The connection stems from the role of “wireless telegraphy” — radio, as it’s now known — in the Titanic disaster. Earlier on the day of the disaster, the Titanic had received no less than 6 messages over the wireless warning of ice, but only three of those made it to the bridge. The final warning, at 10:30pm local time, from the SS Californian, stated that the Californian was stopped for the night, stuck in an ice field nearby; but the Titanic‘s radio operator cut off the message with his reply: “Shut up! Shut up! I’m working Cape Race!”, meaning that he was attempting to communicate with the wireless telegraph station at Cape Race, Newfoundland, and the Californian‘s transmissions were interfering. At 11:30pm, the Californian‘s sole wireless operator turned off the set and went to bed. At 11:40pm, Titanic struck its iceberg, and at 12:05am, began transmitting distress calls — at first CQD, but later a newer distress call coming into vogue: SOS. The Californian, its wireless set turned off, received none of those. Instead, the captain of the Californian repeatedly tried to signal the passenger liner it had seen to the south by lamp, but there was no reply.
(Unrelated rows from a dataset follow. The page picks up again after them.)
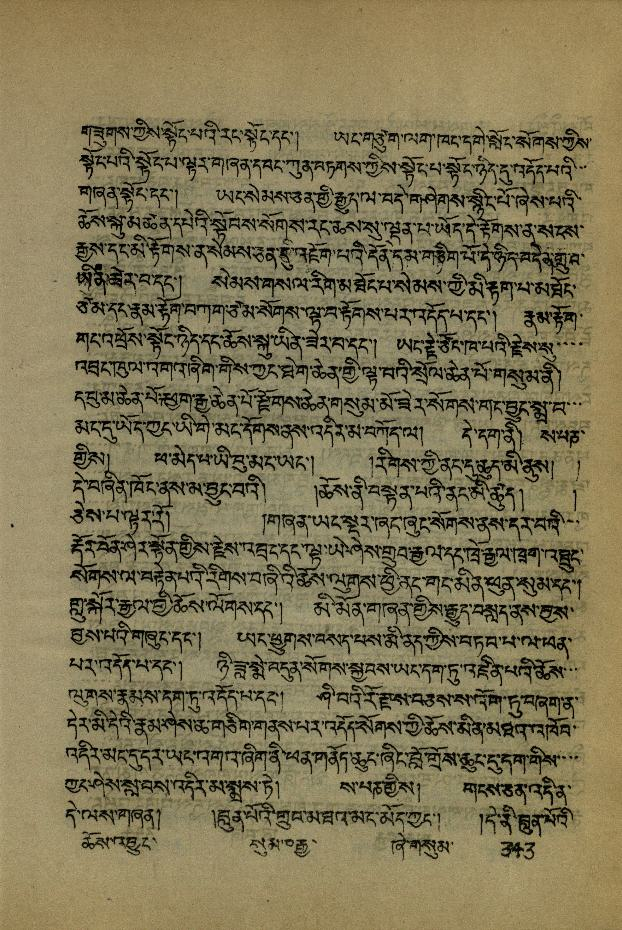གཟུགས་ཀྱིས་སྟོང་པའི་རང་སྟོང་དང་། ཡང་གཙུག་ལག་ཁང་དགེ་སློང་སོགས་ཀྱིས་
སྟོང་པའི་སྟོང་པ་ལྟར་གཞན་དབང་ཀུན་བཏགས་ཀྱིས་སྟོང་པ་སྟོང་ཉིད་དུ་འདོད་པའི་
གཞན་སྟོང་དང་། ཡང་སེམས་ཅན་གྱི་རྒྱུད་ལ་བདེ་གཤེགས་སྙིང་པོ་ཞེས་པའི་
ཆོས་སྐུ་མཚན་དཔེའི་སྟོབས་སོགས་རང་ཆས་སུ་ལྡན་པ་ཡོད་དེ་རྟོགས་ན་སངས་
རྒྱས་དང་མི་རྟོགས་ན་སེམས་ཅན་དུ་འཇོག་པའི་དོན་དམ་གཅིག་པོ་དེ་ཉིད་བདེན་གྲུབ་
ཡིན་ཚེར་བ་དང་། སེམས་གསལ་རིག་མཐོང་པ་སེམས་ཀྱི་མི་རྟག་པ་མཐོང་
ཙམ་དང་རྣམ་རྟོག་བཀག་ཙམ་སོགས་ལྟ་བ་རྟོགས་པར་འདོད་པ་དང་། རྣམ་རྟོག་
གང་འཕྲོས་སྟོང་ཉིད་དང་ཆོས་སྐུ་ཡིན་ཟེར་བ་དང་། ཡང་རྗེ་ཙོང་ཁ་པའི་རྗེས་སུ་
འབྲང་ཁུལ་འགའ་ཞིག་གིས་ཀྱང་ཐེག་ཆེན་གྱི་ལྟ་བའི་སྲོལ་ཆེན་པོ་གསུམ་ནི།
དབུ་མ་ཆེན་པོ་ཕྱག་རྒྱ་ཆེན་པོ་རྫོགས་ཆེན་གསུམ་མོ་ཟེར་སོགས་གང་བྱུང་སྨྲ་བ་
མང་དུ་ཡོད་ཀྱང་ཡི་གེ་མང་དོགས་ནས་འདིར་མ་བཀོད་ལ། དེ་དག་ནི། ས་པཎ་
གྱིས། ཕ་མེད་པ་ཡི་བུ་མང་ཡང་། །རིགས་ཀྱི་ནང་དུ་ཆུད་མི་ནུས། །
དེ་བཞིན་ཁོང་ནས་མ་བྱུང་བའི། །ཆོས་ནི་བསྟན་པའི་ནང་མི་ཚུད། །
ཅེས་པ་ལྟར་རོ། །གཞན་ཡང་སྔར་ཞང་ཞུང་སོགས་ནས་དར་བའི་
རྡོར་བོན་ཤེར་སྟོན་གྱིས་རྗེས་འབྲང་དང་ལྟ་ཡེ་ཤེས་གྲུབ་རྒྱལ་དང་ཁྲོ་རྒྱལ་ཁྲག་འཐུང་
སོགས་ལ་བརྟེན་པའི་རིགས་བཞིའི་ཆོས་ལུགས་ཕྱི་ནང་གང་མིན་ཕུན་སུམ་དང་།
གླུ་སྐོར་རྒྱལ་གྱི་ཆོས་ལོགས་དང་། མི་མོན་གཞན་གྱིས་རྒྱུད་བསླད་ནས་བྱས་
བྱས་པའི་གཞུང་དང་། ཡང་ཕྱུགས་བསད་པས་མི་ནད་ཀྱིས་བཏབ་པ་ལ་ཕན་
པར་འདོད་པ་དང་། ཉི་ཟླ་སྨེ་བདུན་སོགས་སྐྱབས་ཡང་དག་ཏུ་འཛིན་པའི་ཆོས་
ལུགས་རྣམས་དག་ཏུ་འདོད་པ་དང་། ཤི་བའི་རོ་རྫས་བཅས་ས་འོག་ཏུ་བཞག་ན་
དེར་མི་དེའི་རྣམ་ཤེས་ཆ་གཅིག་གནས་པར་འདོད་སོགས་ཀྱི་ཆོས་མིན་མཐའ་འཁོབ་
འདིར་མང་དུ་དར་ཡང་འགའ་ཞིག་ནི་ཕན་གནོད་ཆུང་ཞིང་བློ་གྲོས་ཆུང་དུ་དག་གིས་
ཀྱང་ཤེས་སླ་བས་འདིར་མ་སྨྲས་ཏེ། ས་པཎ་གྱིས། གངས་ཅན་འདི་ན་
དེ་ལས་གཞན། །བླུན་པོའི་གྲུབ་མཐའ་མང་མོད་ཀྱང་། །དེ་ནི་བླུན་པོའི་

This failure to communicate seems scandalous, and it was seen that way at the time, but it is partly explained by the novelty of radio in 1912. The wireless operators on the Titanic were not part of the ship’s crew; they were employees of the Marconi Wireless Telegraph Company, and their primary job was to convey private messages to and from the ship’s passengers. They passed on the iceberg warnings to the bridge as a favor, but obviously the Titanic‘s operators did not view such ship-related tasks as their core mission. Similarly, the Californian‘s wireless operation was hardly viewed as an essential ship function; that explains why the radio went unattended after 11:30.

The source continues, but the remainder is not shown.